= Masters of Cinema =

Line of DVD and Blu-ray releases published through Eureka Entertainment

Masters of Cinema is a line of DVD and Blu-ray releases published through Eureka Entertainment. Because of the uniformly branded and spine-numbered packaging and the standard inclusion of booklets and analysis by recurring film historians, the line is often perceived as the UK equivalent of The Criterion Collection.

== History ==
The line takes its name from a film website by the same name that was launched in 2001 and covered the work of well-regarded film directors such as Andrei Tarkovsky, Akira Kurosawa, Carl Theodor Dreyer and Yasujirō Ozu.
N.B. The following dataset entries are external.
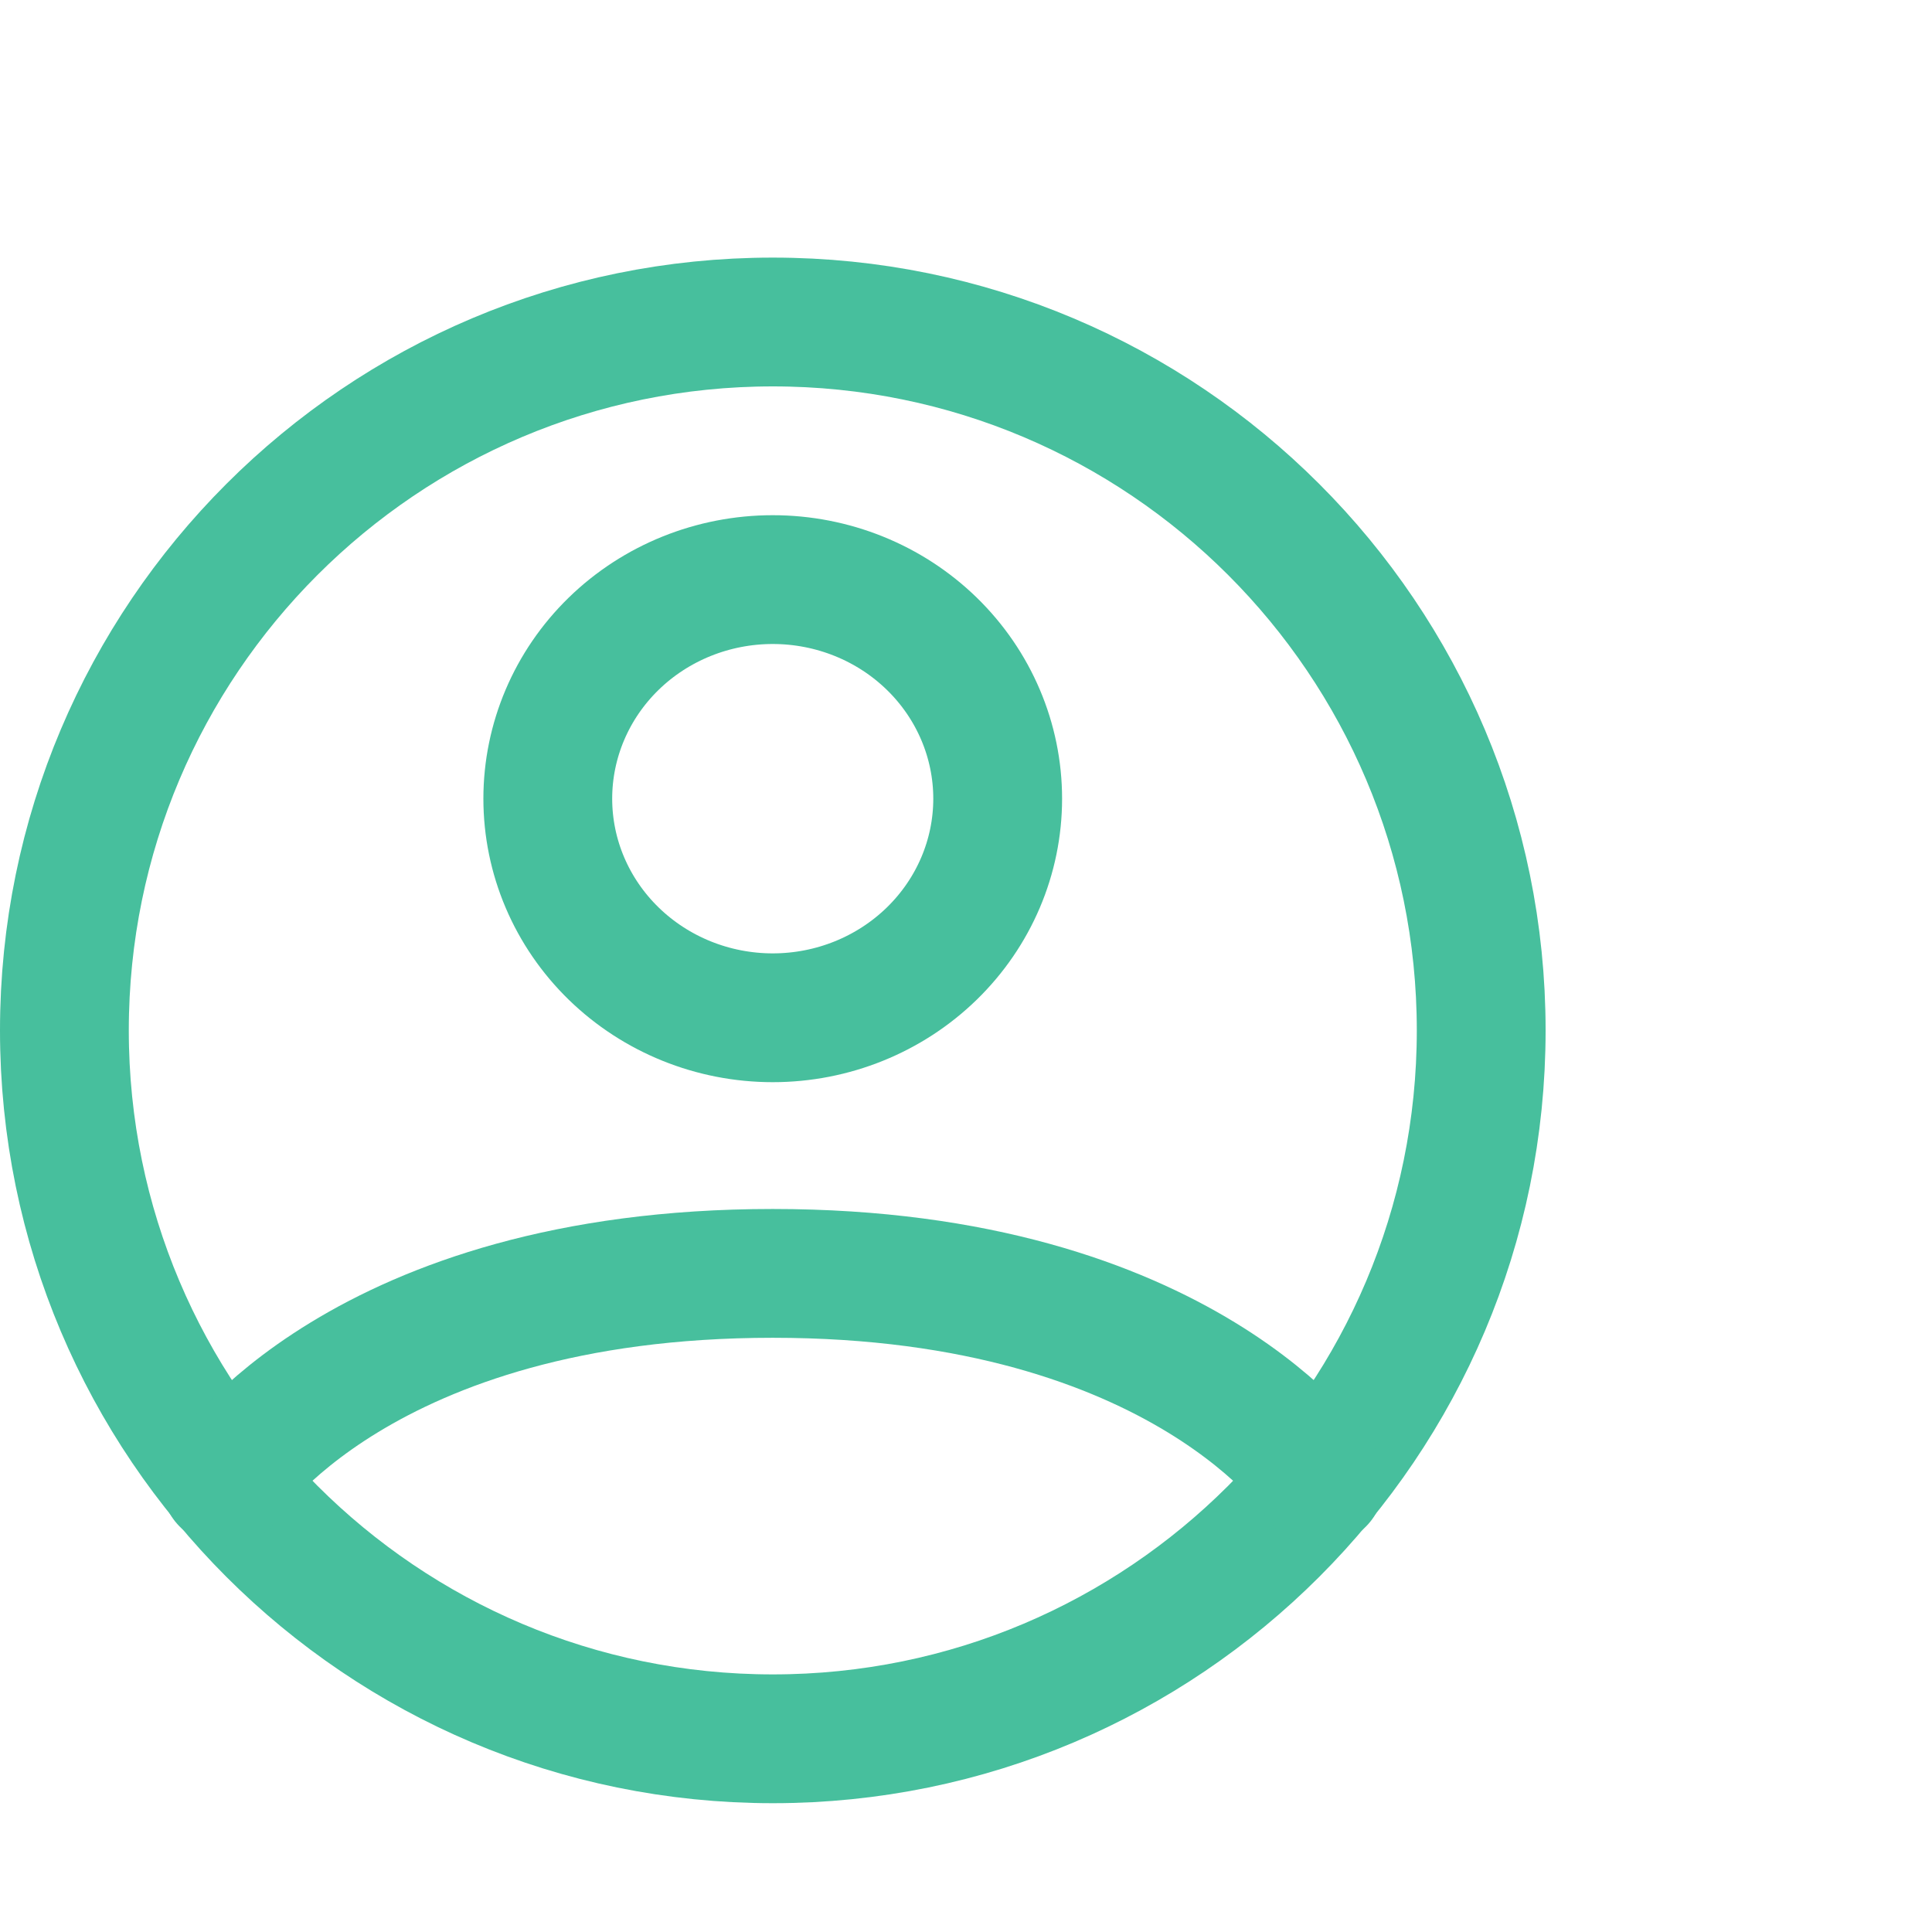<svg width="30" height="30" viewBox="0 -4 30 30" fill="none" xmlns="http://www.w3.org/2000/svg">
<g clip-path="url(#clip0_79_1312)">
<path d="M12 1C5.925 1 1 5.925 1 12C1 18.075 5.925 23 12 23C18.075 23 23 18.075 23 12C23 5.925 18.075 1 12 1Z" stroke="#47bf9d" stroke-width="2" stroke-linecap="round" stroke-linejoin="round"/>
<path d="M3.5 19C3.5 19 5.595 15.773 11.999 15.773C18.404 15.773 20.5 19 20.5 19M11.999 11.804C12.926 11.804 13.814 11.445 14.469 10.807C15.124 10.169 15.492 9.304 15.492 8.402C15.492 7.5 15.124 6.634 14.469 5.996C13.814 5.358 12.926 5 11.999 5C11.073 5 10.184 5.358 9.529 5.996C8.874 6.634 8.506 7.5 8.506 8.402C8.506 9.304 8.874 10.169 9.529 10.807C10.184 11.445 11.073 11.804 11.999 11.804Z" stroke="#47bf9d" stroke-width="2" stroke-linecap="round" stroke-linejoin="round"/>
</g>
<defs>
<clipPath id="clip0_79_1312">
<rect width="30" height="30" fill="#47bf9d"/>
</clipPath>
</defs>
</svg>

In 2004, the website began coordinating with Eureka Entertainment to offer a line of DVDs that focused on renowned filmmakers and films considered to be the best of their type. In 2008, the organization was sold to Eureka Entertainment and became a wholly owned label of the company.

== Collaborations ==
In their effort to create definitive editions, the line complements their releases with a collection of new or available scholarly material such as interviews, documentaries, essays, and commentary tracks. Filmmakers such as Guillermo del Toro, Martin Scorsese, Peter Watkins and Claude Lanzmann, scholars such as Tony Rayns, David Bordwell and David Kalat and critics such as Kent Jones, Phillip Lopate, Adrian Martin and Jonathan Rosenbaum have all created exclusive content that was used for releases in the line.

== Releases ==
Masters of Cinema started releasing titles on DVD in 2004. In 2008, the company expanded the range to include Blu-ray and Dual Format releases. As of 2024, the company has released over 300 films under the line, including more than 160 films on Blu-ray.

== Reception ==
Releases under the line are often voted among the best home video releases, including in the best of the year lists by Sight and Sound. Little White Lies listed six releases from the line in their top twenty releases of 2015, and four in 2016.

The Guardian chose their release of Silent Running as the best reissue of that year.